Unité SGP Police/FO ; Inquiets pour l’avenir

Syndicat majoritaire à l’heure actuelle au sein de la police, Unité SGP Police/FO compte bien asseoir son statut à l’issue de ces élections professionnelles, et notamment grâce à la nouvelle loi de représentativité syndicale. La NBI ville figure parmi ses revendications pour Toulouse, comme l’explique Christophe Marin, Secrétaire Départemental Haute-Garonne.

 
Christophe Marin, que pensez-vous du bilan national présenté la semaine dernière par Brice Hortefeux et qui fait état d’une baisse globale de la délinquance en 2009 ?
On sait bien que ces chiffres qui sortent du Ministère de l’Intérieur ne reflètent pas bien la réalité. C’est une politique de chiffres, une culture du résultat, instaurées alors que notre Président de la République était ministre de l’Intérieur. Ce que l’on constate en revanche, c’est que le travail des policiers est de plus en plus difficile.

Quelles sont vos revendications en particulier pour Toulouse à l’occasion des élections professionnelles ?
Pour Toulouse, nous avons monté un dossier NBI ville, que nous avons remis au Préfet le 2 novembre dernier. Il faut savoir que cette prime qui est affectée à certains fonctionnaires travaillant dans les quartiers sensibles, les policiers toulousains ne la touchent pas.

Quel en serait le montant ?
Environ 120 euros. Nous attendons une réponse du gouvernement à ce sujet courant 2010, sachant que le Préfet a été à l’écoute et que nous savons qu’un courrier est parti au Ministère.
Sinon, nos autres revendications sont nationales, comme la revalorisation des salaires pour les gradés et les gardiens de la paix.
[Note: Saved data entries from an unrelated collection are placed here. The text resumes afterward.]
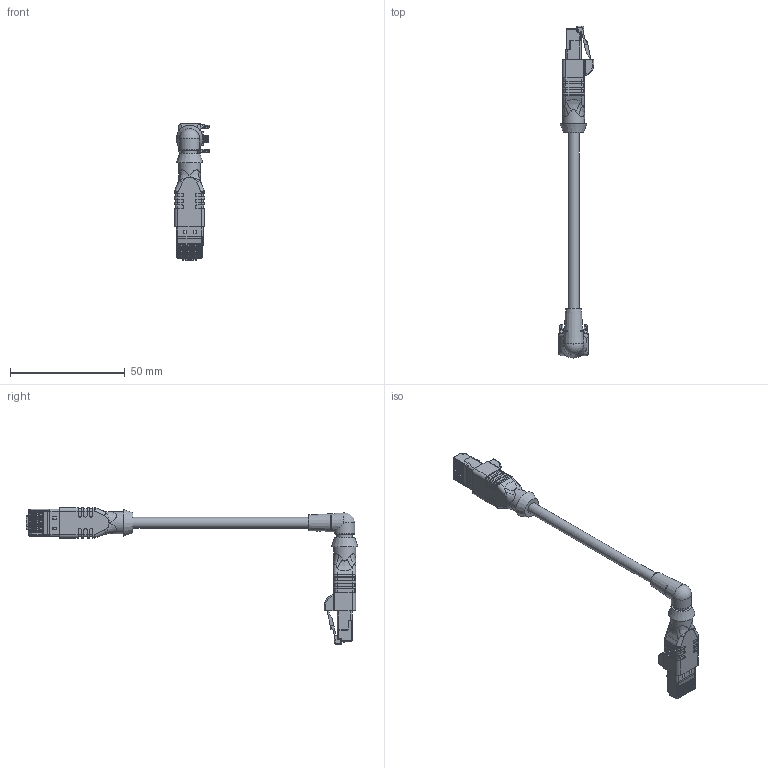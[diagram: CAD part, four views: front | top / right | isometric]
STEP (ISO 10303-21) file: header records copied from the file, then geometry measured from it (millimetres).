
FILE_DESCRIPTION(/* description */ (''),/* implementation_level */ '2;1');
FILE_NAME(/* name */ 'IE-W6RJ45SS8-m-IE-RJ45SS8.stp',/* time_stamp */ '2018-01-30T10:31:37+01:00',/* author */ (''),/* organization */ (''),/* preprocessor_version */ 'ST-DEVELOPER v16',/* originating_system */ 'SIEMENS PLM Software NX 10.0',/* authorisation */ '');
FILE_SCHEMA (('AUTOMOTIVE_DESIGN { 1 0 10303 214 3 1 1 1 }'));
Length unit declared in the file: millimetre
Products named in the file (1): IE-W6RJ45SS8-m-IE-RJ45SS8
Bounding box: 15.45 x 144.93 x 59.75 mm (x, y, z)
Volume: 11253.3 mm3; surface area: 6793.2 mm2
Topology: 1 solids, 1 shells, 1298 faces, 3453 edges, 2155 vertices
Faces by surface type: plane 620, cylinder 495, torus 82, bspline 69, sphere 17, extrusion 12, cone 3
Full cylindrical faces by diameter (mm): 4.8 x1, 6.7 x1, 8.8 x1, 9.6 x2
Entity records: 41085 total; most frequent: CARTESIAN_POINT 8769, ORIENTED_EDGE 6822, DIRECTION 6810, EDGE_CURVE 3411, AXIS2_PLACEMENT_3D 2314, VECTOR 2182, LINE 2170, VERTEX_POINT 2146

C’est finalement ce que réclame aussi votre “concurrent” Alliance Police Nationale…
Tout à fait. Mais en octobre 2008, Alliance a signé deux protocoles d’accord qui ont engagé une très minime revalorisation salariale et qui ont entraîné pour nous, la perte de plusieurs acquis, comme l’heure supplémentaire et une semaine de RTT. Nous savons que les négociations sur ce point vont reprendre en février avec le ministre. Nous espérons qu’à ces élections prochaines, le bloc Unité SGP qui a réalisé 56 % en 2006 au niveau national (suite à la fusion Unité Police et SGP/FO, ndlr), va franchir la barre des 50 %, car avec la nouvelle loi de représentativité syndicale, un accord signé par un syndicat représentant plus de 50 %, passe désormais en force. Nous pourrons donc faire blocage. Plus aucun accord ne pourra être signé par un syndicat minoritaire sans passer par le syndicat majoritaire comme on l’a vu en 2008.

Alliance et la FPIP voudrait que Toulouse soit classée en zone difficile ? C’est aussi votre cas ?
Non car il n’est pas possible de classer Toulouse en zone difficile. La zone difficile dans la police nationale est en fait une zone de fidélisation. Je m’explique : les fonctionnaires de police qui vont travailler par exemple à Paris et dans sa région, n’en étant pas pour la plupart originaires, demandent leur mutation pour redescendre dans leur région d’origine. La zone difficile a été créée là-haut pour ne pas qu’ils posent des mutations à tout va, et les fidéliser grâce à une prime. A Toulouse on sait pertinemment qu’on ne bénéficiera pas d’un tel classement. Actuellement il y a 1 200 fonctionnaires parisiens qui demandent Toulouse en mutation. Pour nous, le projet de NBI ville est plus capable d’aboutir.

La police rencontre aussi un problème d’effectifs… Comme vos collègues, vous le dénoncez…
Oui, en 2010, il va y avoir pratiquement 3 000 suppressions d’effectifs dans la police nationale. Suite à la Révision Générale des Politiques Publiques, signée l’an dernier, nous nous attendons à 8 000 fonctionnaires en moins d’ici 3 ans. Ce qui fait que nous n’aurons certainement pas d’énormes renforts sur la région. A cela, il faut ajouter les nombreux départs à la retraite qui ne seront pas remplacés. Nous dénonçons ce manque d’effectifs depuis pas mal de temps et sommes très inquiets pour l’avenir. La qualité de notre travail risque fort d’en pâtir.

Il y a beaucoup de violence à Toulouse ?
Oui. Moi-même, étant fonctionnaire au commissariat du Mirail, un des plus gros quartiers sensibles de France, je la côtoie tous les jours…

La police est-elle au bord de la crise de nerfs ?
Oui. Il y a un gros malaise au sein de la police nationale. Entre les salaires qui stagnent, les effectifs en baisse, la violence urbaine qui se développe, les individus interpellés maintes fois et relâchés… Les fonctionnaires ressentent un certain mépris de la part de l’administration. Ils sont vraiment découragés.